The new territory to be planned with new usage is about 250 000 m2. The FAR is between 0.6 - 1.4, depending on the urban design and usage.
There should be at least one property for a large scale public building ca 10 000 m2.
9Street grid
There are two tasks for the street grid:
• It should allow seamless connection between Kalamaja and Sõle districts, so that the whole southern part, bordering with the Telliskivi district and Baltic Railway Station, operates as a continuous, mostly residential urban fabric.

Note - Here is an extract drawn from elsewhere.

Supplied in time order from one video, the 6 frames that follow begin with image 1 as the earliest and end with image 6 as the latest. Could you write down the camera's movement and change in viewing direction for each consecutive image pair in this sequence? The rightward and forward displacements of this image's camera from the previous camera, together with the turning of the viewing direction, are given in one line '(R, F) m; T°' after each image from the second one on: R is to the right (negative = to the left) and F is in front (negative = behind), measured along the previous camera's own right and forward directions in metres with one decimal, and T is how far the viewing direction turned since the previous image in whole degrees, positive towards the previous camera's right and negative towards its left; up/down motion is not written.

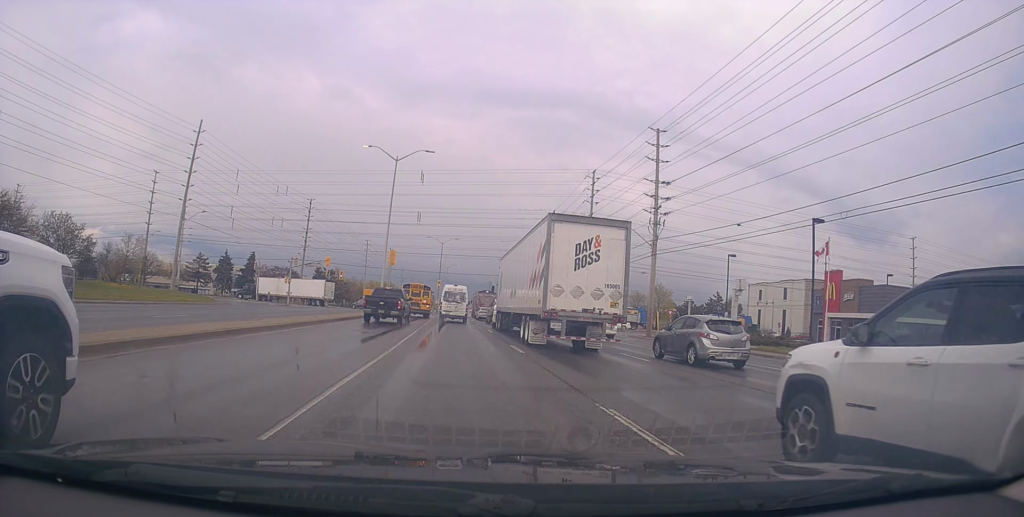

• The planning area should create also a more public and vibrant spine that will lead to the Telliskivi district and allow a possibility to connect further north other areas to the planned area.
The possibility for traffic development is the new connection from Telliskivi street to Paldiski Road.

10Structure
The height of the housing in the planning proposal must not exceed 22 m. The urban quarter structure is according to the streets and pedestrian routes. Residential, mixed use and small clean industry functions are allowed.
At least 150 000 m2 bruto space should be planned. The area must be divided to several developing zones. This is to avoid the full territory remaing a building zone for a long time. The first development zone should be along the Telliskivi street. There should be at least 3 zones, but potentially more depending on the proposal.
There are two renovation areas on the Kaubajaam territory, marked with violet.

11Program 02 - 04 May, SUrF Workshop: Pilot 04
Meetings will happen:
Estonian Association of Architects, Väike Traforuum, Kursi tn 3, 10415 Tallinn.
Day 1, May 2 WORKSHOP INTRODUCTION
16:00 Opening of the seminar, President EAA Andro Mänd. Gathering of participants. Introduction to workshop structure and dynamics.
16:20 Dr. Jüri Soolep, Genealogies of text and image. Innovation and imagination
17:20 coffee, snacks and wine
18:00 end of Day1
Day 2, May 3 WORKSHOP LECTURES AND DISCUSSION
09:00 Teams work on proposals
16:00 Dr. Roger Paez, Situation rooms and game-based design
17:00 Adria Carbonell, Latest trends in planning of metropolitan regions
17:45 Discussion
end of Day 2
Day 3, May 4 PLANNING WORKSHOP
09:00 Teams work on proposals
16:00 Presentation of work done.
18:00 Discussion, coffee, snacks and wine
19:00 end of Day 3
May 5,
12:00 administrative meeting in EAA, discussion of further work, interviews
Proposal presentations
We would propose the following presentation materials, being at the same time fully aware, that the different design languages will use different presentation possibilities. Nevertheless, here is a general lay-out of what can be expected:
1. Schemas of developing visions and concepts of the planning task.
2. Description of the design process, preferably with intermediate solutions.
3. Streets, roads, paths etc. mobility network.
4. Schema of building possibilities.
5. Building possibilities in some volumetric form.
6. Description of greenery and landscaping.
Secondly we would ask that the third person will note the daily tasks, routines and steps of the planning process. That will be a separate minutes of the process. There are meetings planned every evening to discuss and answer questions.
The workshop will conclude with interviews with every team, after the editing of digital catalogue.